To do - Your answer must be the records below, given again exactly, with no pictures in it.

——

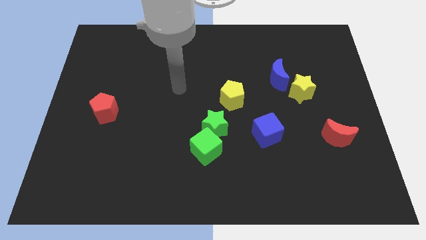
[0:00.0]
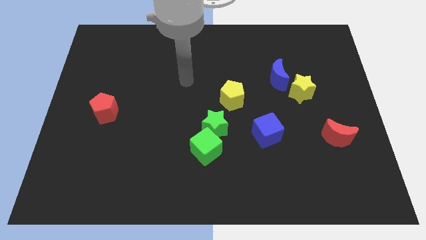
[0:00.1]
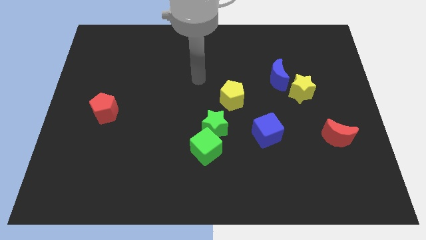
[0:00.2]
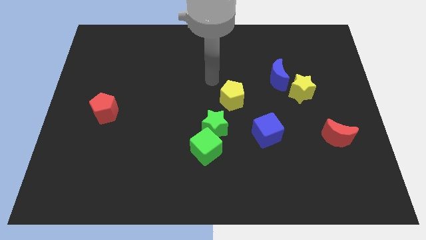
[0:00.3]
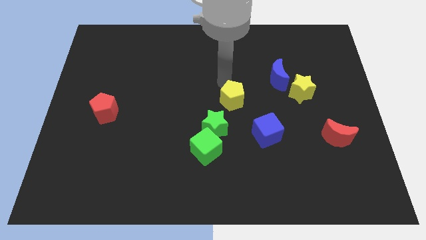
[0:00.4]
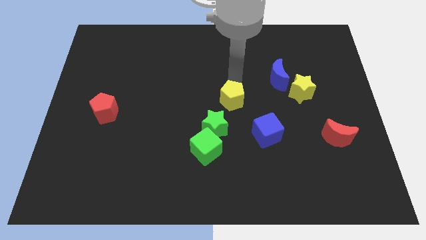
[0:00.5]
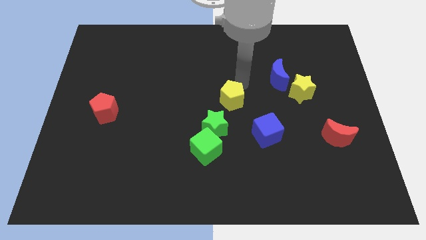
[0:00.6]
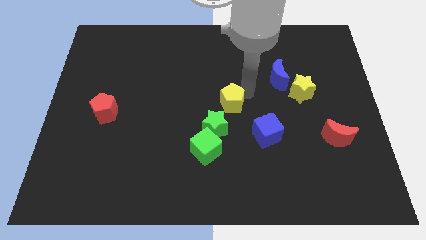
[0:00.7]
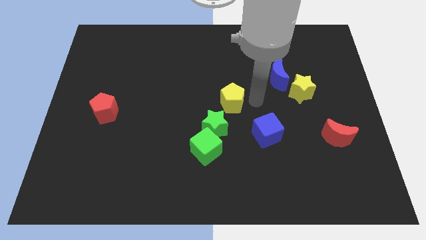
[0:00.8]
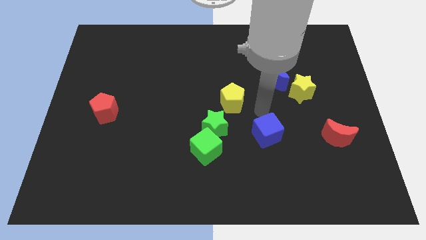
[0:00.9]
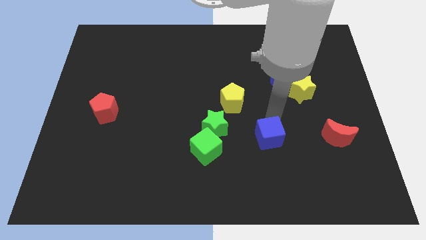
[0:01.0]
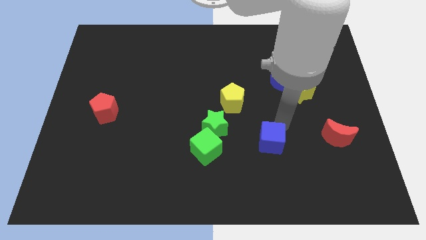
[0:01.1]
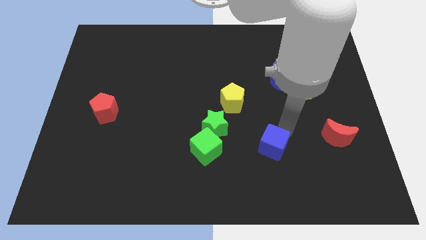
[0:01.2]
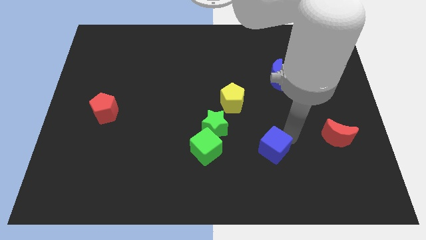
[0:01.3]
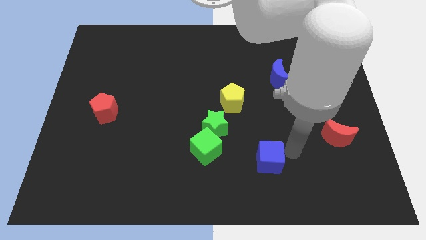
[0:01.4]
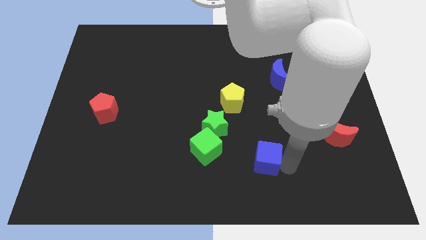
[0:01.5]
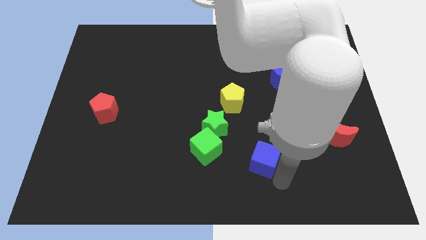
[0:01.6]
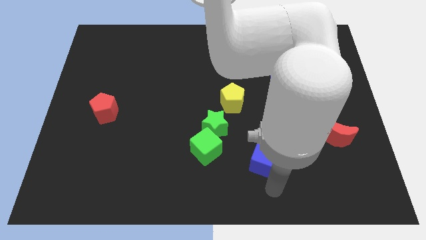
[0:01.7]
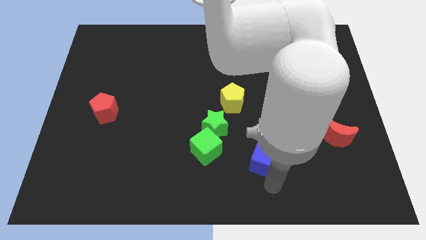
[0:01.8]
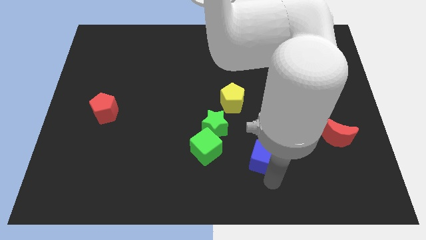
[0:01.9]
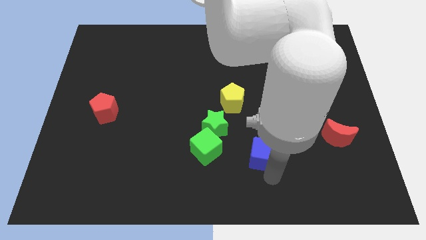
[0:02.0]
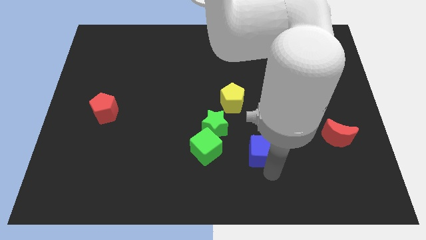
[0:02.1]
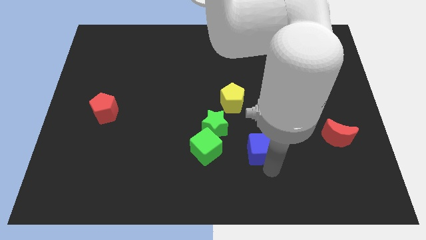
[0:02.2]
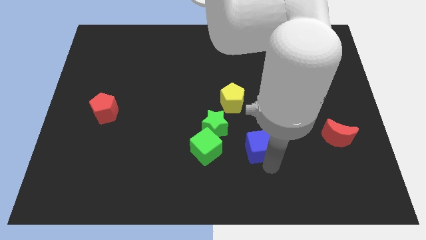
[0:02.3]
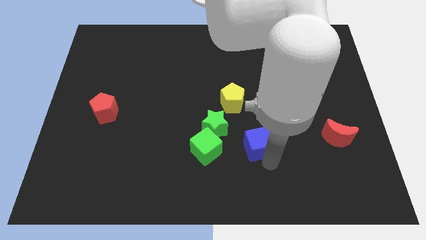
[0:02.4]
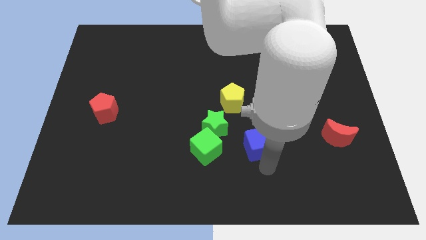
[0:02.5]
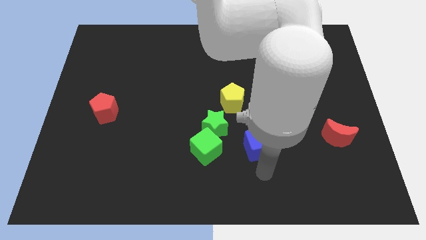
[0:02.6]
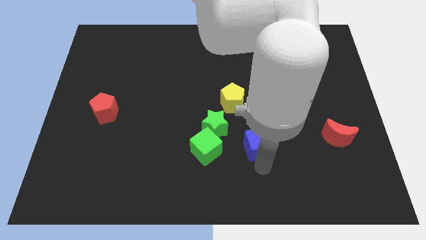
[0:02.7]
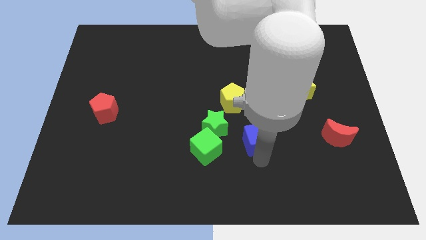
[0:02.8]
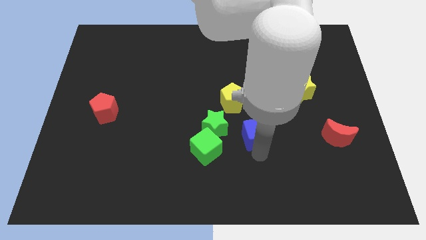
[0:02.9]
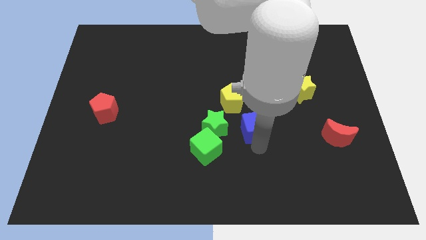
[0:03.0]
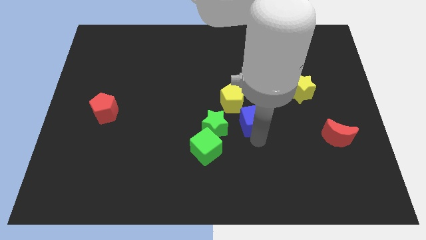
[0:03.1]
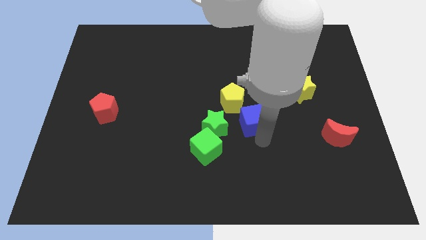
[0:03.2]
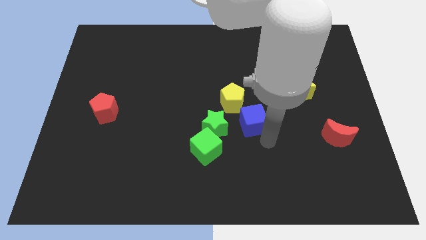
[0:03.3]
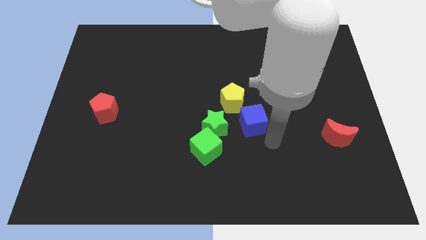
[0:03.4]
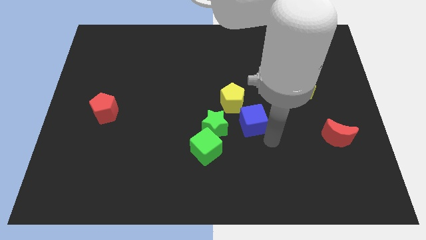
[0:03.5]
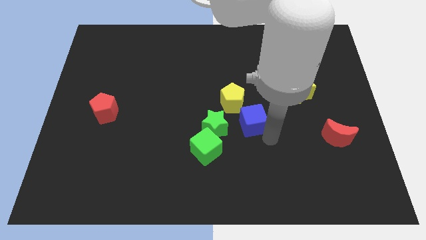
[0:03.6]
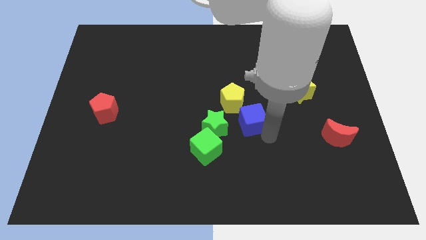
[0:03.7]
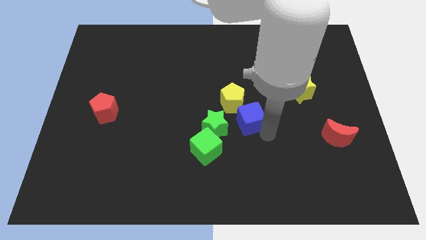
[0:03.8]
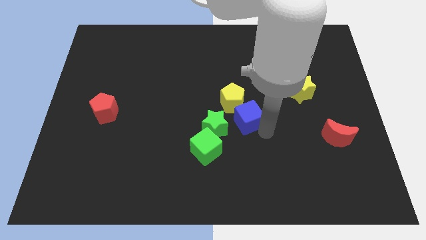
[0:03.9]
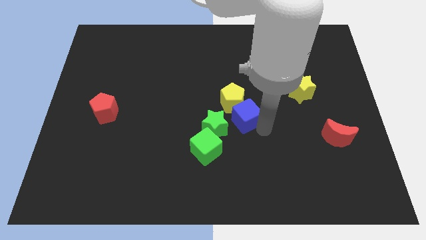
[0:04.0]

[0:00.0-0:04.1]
push the blue cube to the yellow pentagon

——

Completed task -
[0:00.0]
[0:00.1]
[0:00.2]
[0:00.3]
[0:00.4]
[0:00.5]
[0:00.6]
[0:00.7]
[0:00.8]
[0:00.9]
[0:01.0]
[0:01.1]
[0:01.2]
[0:01.3]
[0:01.4]
[0:01.5]
[0:01.6]
[0:01.7]
[0:01.8]
[0:01.9]
[0:02.0]
[0:02.1]
[0:02.2]
[0:02.3]
[0:02.4]
[0:02.5]
[0:02.6]
[0:02.7]
[0:02.8]
[0:02.9]
[0:03.0]
[0:03.1]
[0:03.2]
[0:03.3]
[0:03.4]
[0:03.5]
[0:03.6]
[0:03.7]
[0:03.8]
[0:03.9]
[0:04.0]

[0:00.0-0:04.1]
push the blue cube to the yellow pentagon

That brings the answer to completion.